With damage like you described, there's a good chance that you've also damaged some of the lobes on the cam itself. The only way to be sure is to check each lobe profile with a dial indicator set up to verify that the lobe lift and timing events still match the cam manufacturer's specs, and also visually inspect the lobes themselves for physical damage/gouges. I'd also inspect all the lifter bores to make sure you haven't cracked or otherwise damaged any.

Bear


----------



## Indecision (Oct 24, 2010)

BearGFR, great post!


----------



## tyler t (Aug 15, 2010)

dont mind me i dont know what im talking about. there adjustable and thats what i torqued to 20 ft lbs. the cams fine and so is everything else. the back fire was caused by the lack of crank case ventilation and not having a pcv valve . and the pushrods were bent from the improper valve lash adjustment. its all good now. its all back together in the car. my fault for not reading the torque specs correct. it says 20 ft lbs for (non adjustable rockers) so how it that "Way too thight"?


----------



## BearGFR (Aug 25, 2008)

tyler t said:


> dont mind me i dont know what im talking about. there adjustable and thats what i torqued to 20 ft lbs. the cams fine and so is everything else. the back fire was caused by the lack of crank case ventilation and not having a pcv valve . and the pushrods were bent from the improper valve lash adjustment. its all good now. its all back together in the car. my fault for not reading the torque specs correct. it says 20 ft lbs for (non adjustable rockers) so how it that "Way too thight"?
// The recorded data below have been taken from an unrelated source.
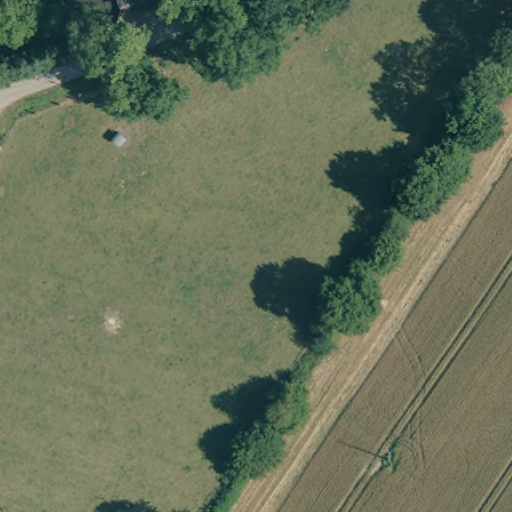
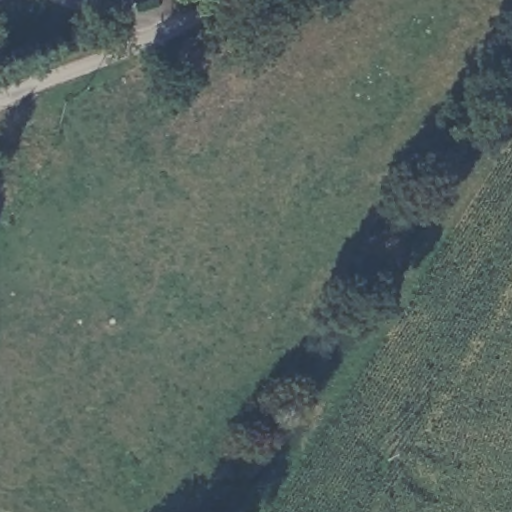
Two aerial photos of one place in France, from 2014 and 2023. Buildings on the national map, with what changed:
unchanged [(122,6),(120,0),(144,0),(122,6)]

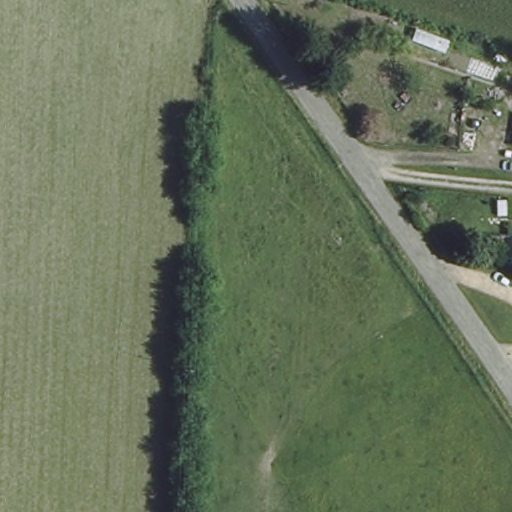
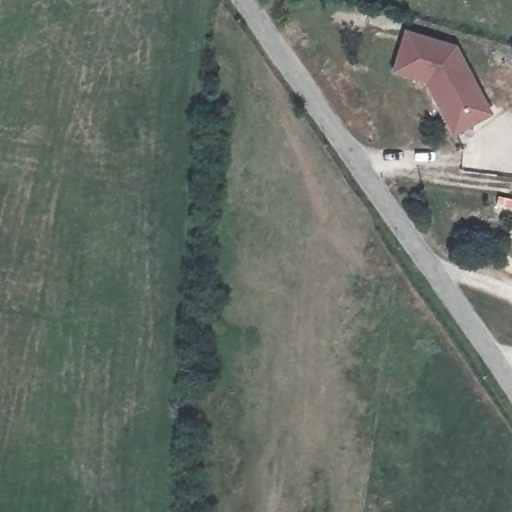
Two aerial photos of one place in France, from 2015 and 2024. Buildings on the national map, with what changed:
new [(405,31),(458,45),(494,115),(453,137),(426,84),(391,74),(405,31)]

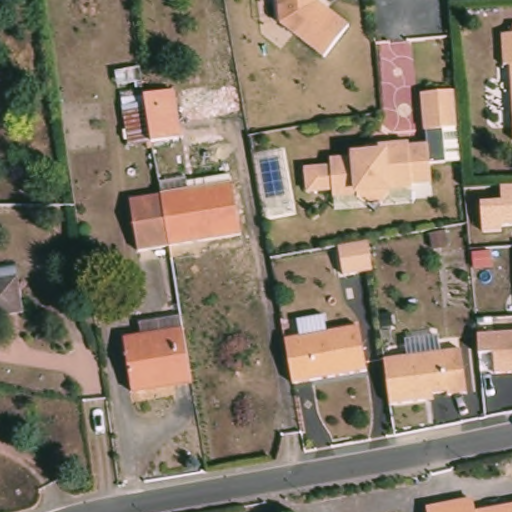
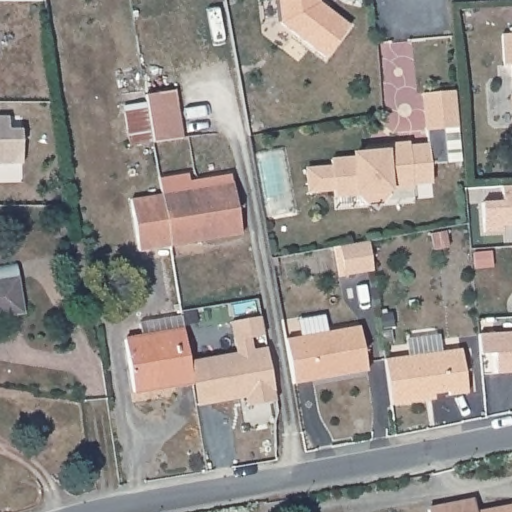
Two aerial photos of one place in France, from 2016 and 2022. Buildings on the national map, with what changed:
unchanged [(354,19),(332,53),(285,21),(283,0),(325,0),(354,19)]
unchanged [(507,33),(512,33),(512,64),(509,64),(507,33)]
unchanged [(335,183),(310,185),(308,162),(333,160),(333,154),(357,152),(356,149),(368,148),(368,141),(386,139),(411,137),(411,141),(429,139),(425,88),(458,85),(460,122),(462,137),(463,155),(448,157),(432,158),(433,177),(414,178),(414,182),(390,183),(391,189),(376,206),(370,200),(336,203),(335,190),(335,183)]
unchanged [(149,144),(126,147),(118,100),(141,97),(170,93),(173,107),(178,139),(149,144)]
new [(9,118),(9,131),(22,130),(23,165),(0,166),(0,118),(9,118)]
unchanged [(157,196),(155,183),(182,179),(184,191),(227,185),(235,234),(165,246),(157,196)]
unchanged [(502,233),(483,234),(481,202),(501,200),(500,187),(512,187),(512,226),(502,227),(502,233)]
unchanged [(132,250),(124,201),(157,196),(165,246),(132,250)]
unchanged [(372,270),(343,274),(339,244),(368,240),(372,270)]
unchanged [(10,280),(14,312),(0,314),(0,282),(10,280)]
new [(196,407),(188,360),(235,352),(229,321),(260,315),(264,337),(252,339),(253,349),(266,347),(275,401),(245,406),(244,398),(196,407)]
unchanged [(128,396),(121,346),(135,343),(133,329),(177,322),(177,325),(187,388),(128,396)]
unchanged [(332,330),(363,324),(371,368),(298,381),(290,337),(332,330)]
unchanged [(479,354),(477,335),(512,333),(512,373),(496,374),(493,354),(479,354)]
unchanged [(465,344),(470,388),(451,390),(451,386),(428,389),(428,395),(393,399),(388,354),(465,344)]
unchanged [(468,501),(470,512),(422,512),(422,510),(468,501)]
unchanged [(512,507),(512,512),(505,512),(504,508),(512,507)]

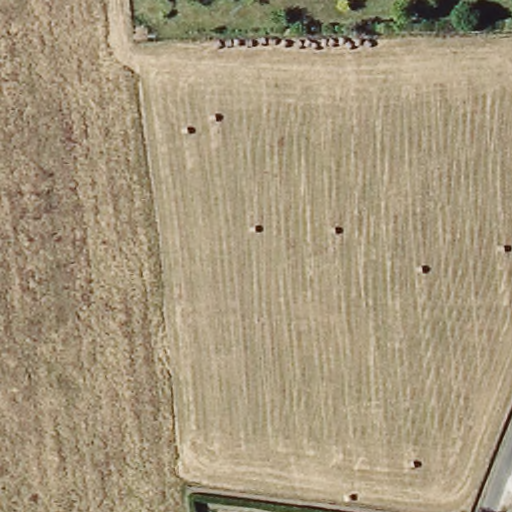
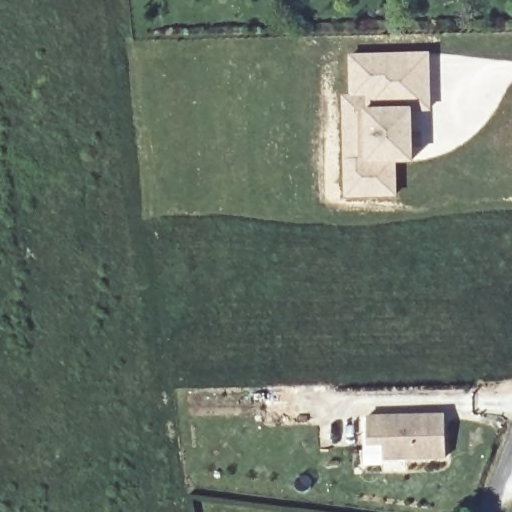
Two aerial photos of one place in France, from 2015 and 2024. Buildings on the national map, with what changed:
new [(422,144),(413,145),(414,160),(396,161),(397,195),(348,196),(347,160),(368,160),(367,97),(353,98),(353,96),(352,55),(430,54),(431,109),(413,110),(413,134),(422,134),(422,144)]
new [(353,96),(353,98),(367,97),(368,160),(347,160),(345,96),(353,96)]
new [(445,416),(446,458),(383,459),(383,444),(368,444),(367,417),(445,416)]

It just doesn't make sense that even severe crankcase pressure would cause a backfire. I'd be very suspicous of whoever is telling you that.

Where are you getting your information about "torque to 20 ft lbs"? That's suspect because any torque reading you're able to get on the rocker ball nut is going to be influenced by valve spring pressure and the "tightness" of the crimp on the nut itself. What you're trying to accomplish by setting the "lash" on a hydraulic lifter isn't really "lash", it's lifter preload. You're trying to set the lifters so that the small hydraulic piston inside each lifter is adjusted so that it rides on a cushion of pressurized oil throughout the engine's rpm range - tight enough so that it doesn't bump into the snap ring at the top of the lifter's outer body (so it runs quietly and doesn't "tick"), but not so tight that it bottoms out inside the lifter body (and in so doing screws up valve timing, bends pushrods, and damages other valve train parts). The spring inside each lifter and the various oil holes are calibrated to allow this internal piston to "float" on a cushion of oil at a constant height, provided that the spring preload is properly adjusted. The proper way to adjust them is to follow the method I posted previously. Trying to use a torque wrench won't give you a consistent and reliable result, cylinder to cylinder.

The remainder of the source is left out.